CHTM
- Thompson, Manitoba; Canada;
- Frequencies: 610 kHz (AM) 102.9 MHz (FM)

Programming
- Format: Adult contemporary

Ownership
- Owner: Arctic Radio Limited

History
- First air date: 1964
- Call sign meaning: C H Thompson, Manitoba

Technical information
- Class: B (AM) A1 (FM)
- Power: 1,000 watts (AM)
- ERP: 190 watts (FM)
- HAAT: 95.8 meters (314 ft)

Links
- Webcast: listen online
- Website: CHTM

= CHTM =

Radio station in Thompson, Manitoba

CHTM is a commercial radio station located in Thompson, Manitoba. The station operates at 610 AM. It is part of the Arctic Radio (1982) Limited, with sister stations in Flin Flon (CFAR) and The Pas (CJAR). The station plays primarily adult contemporary music.

==History==
In March 1964, Mystery Lake Broadcasting Ltd. opened CHTM at 610 KHz on the AM band with a power of 1,000 watts daytime and nighttime; it is a Class B, AM station broadcasting on a regional frequency. CHTM was an independent station with no network affiliation. The "TM" in the call sign: Thompson, Manitoba.

Over the years, the station went through various ownerships and formats. Most recently, on July 26, 1982, Doug O'Brien, on behalf of a company to be incorporated (would be known as Arctic Radio (1982) Ltd. was given permission to purchase CFAR, CJAR and CHTM from the existing shareholders (Arctic Radio Co. Ltd.). O'Brien took ownership on September 1. At the same time, Arctic was given approval to purchase CKOM in Saskatoon but it's not certain the transaction was carried out. O'Brien took ownership of the Arctic stations on September 1.

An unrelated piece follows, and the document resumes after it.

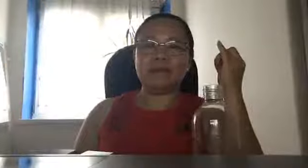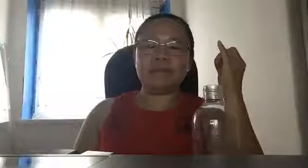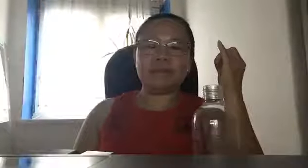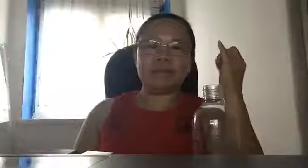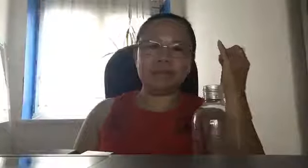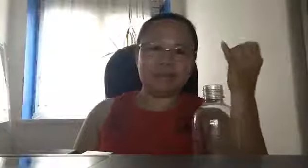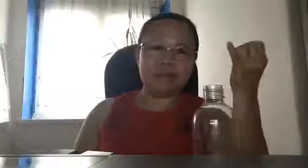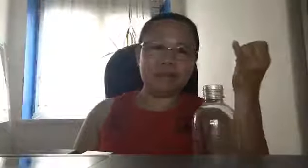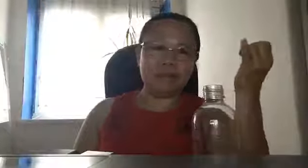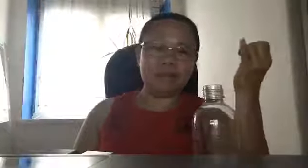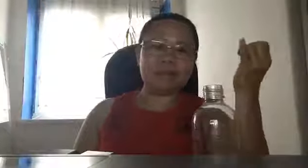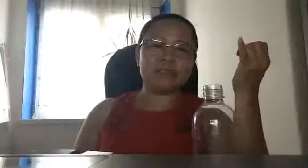President Marcos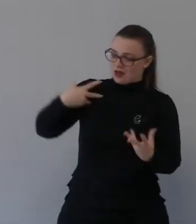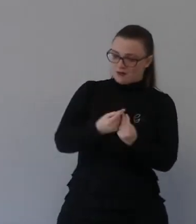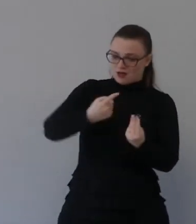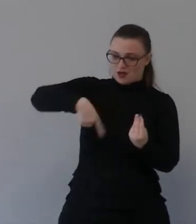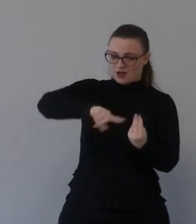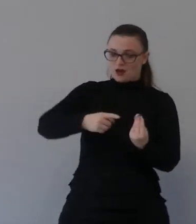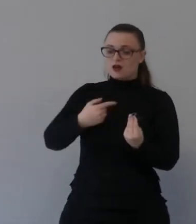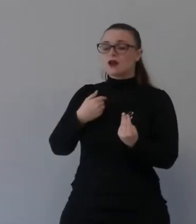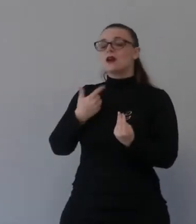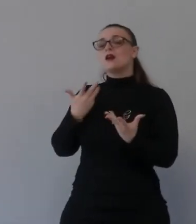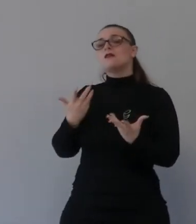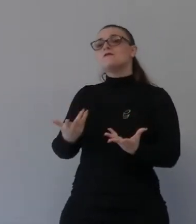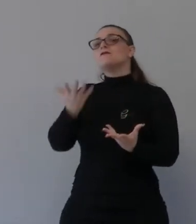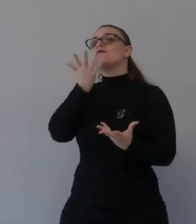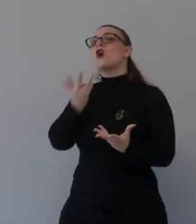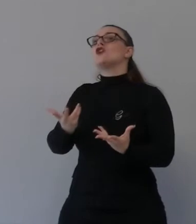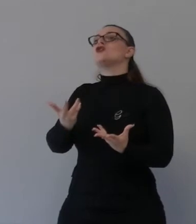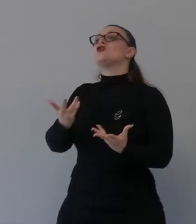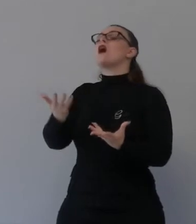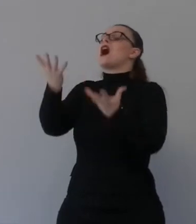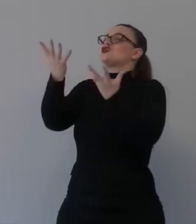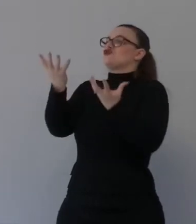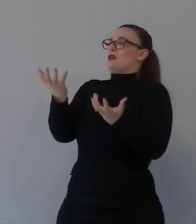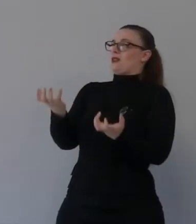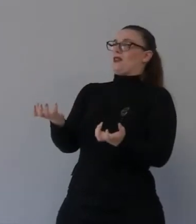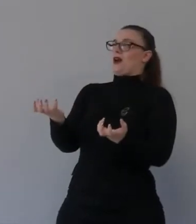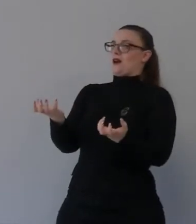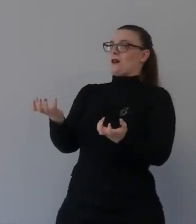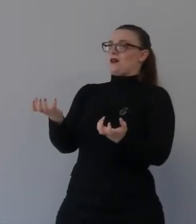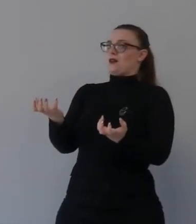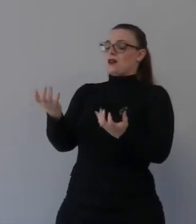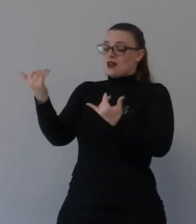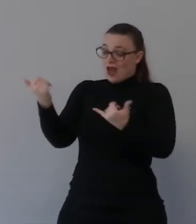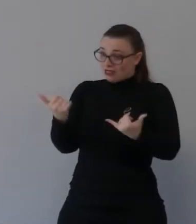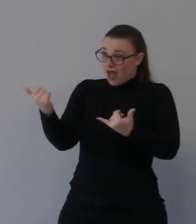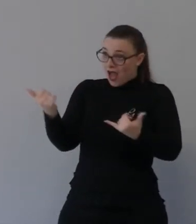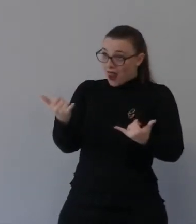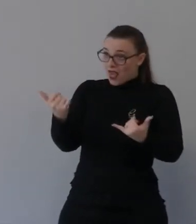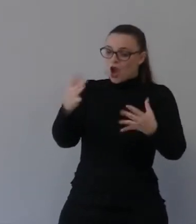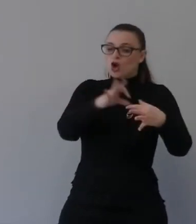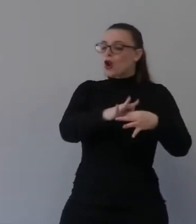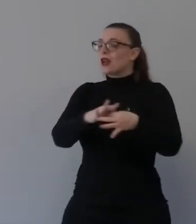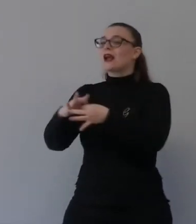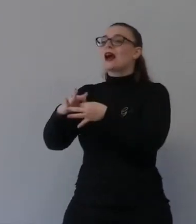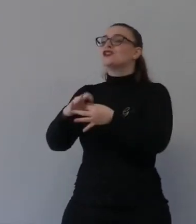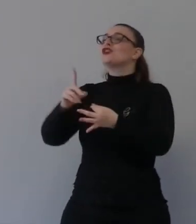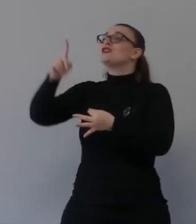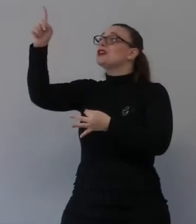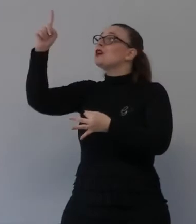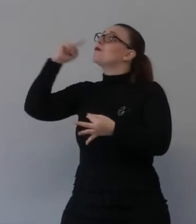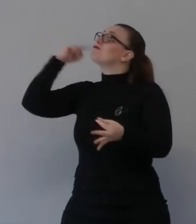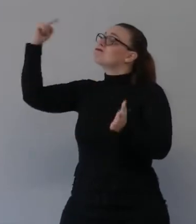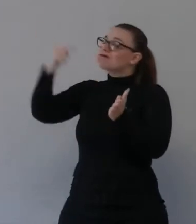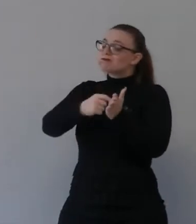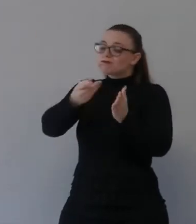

On March 12, 2013, the CRTC approved CHTM's application to convert to the FM band at 102.9 MHz, with an effective radiated power of 190 watts, non-directional antenna with an effective HAAT of 95.8 metres. The applicant also requested permission to maintain its AM transmitter as a repeater at the current specifications in order to rebroadcast the new FM station's programming, which was granted.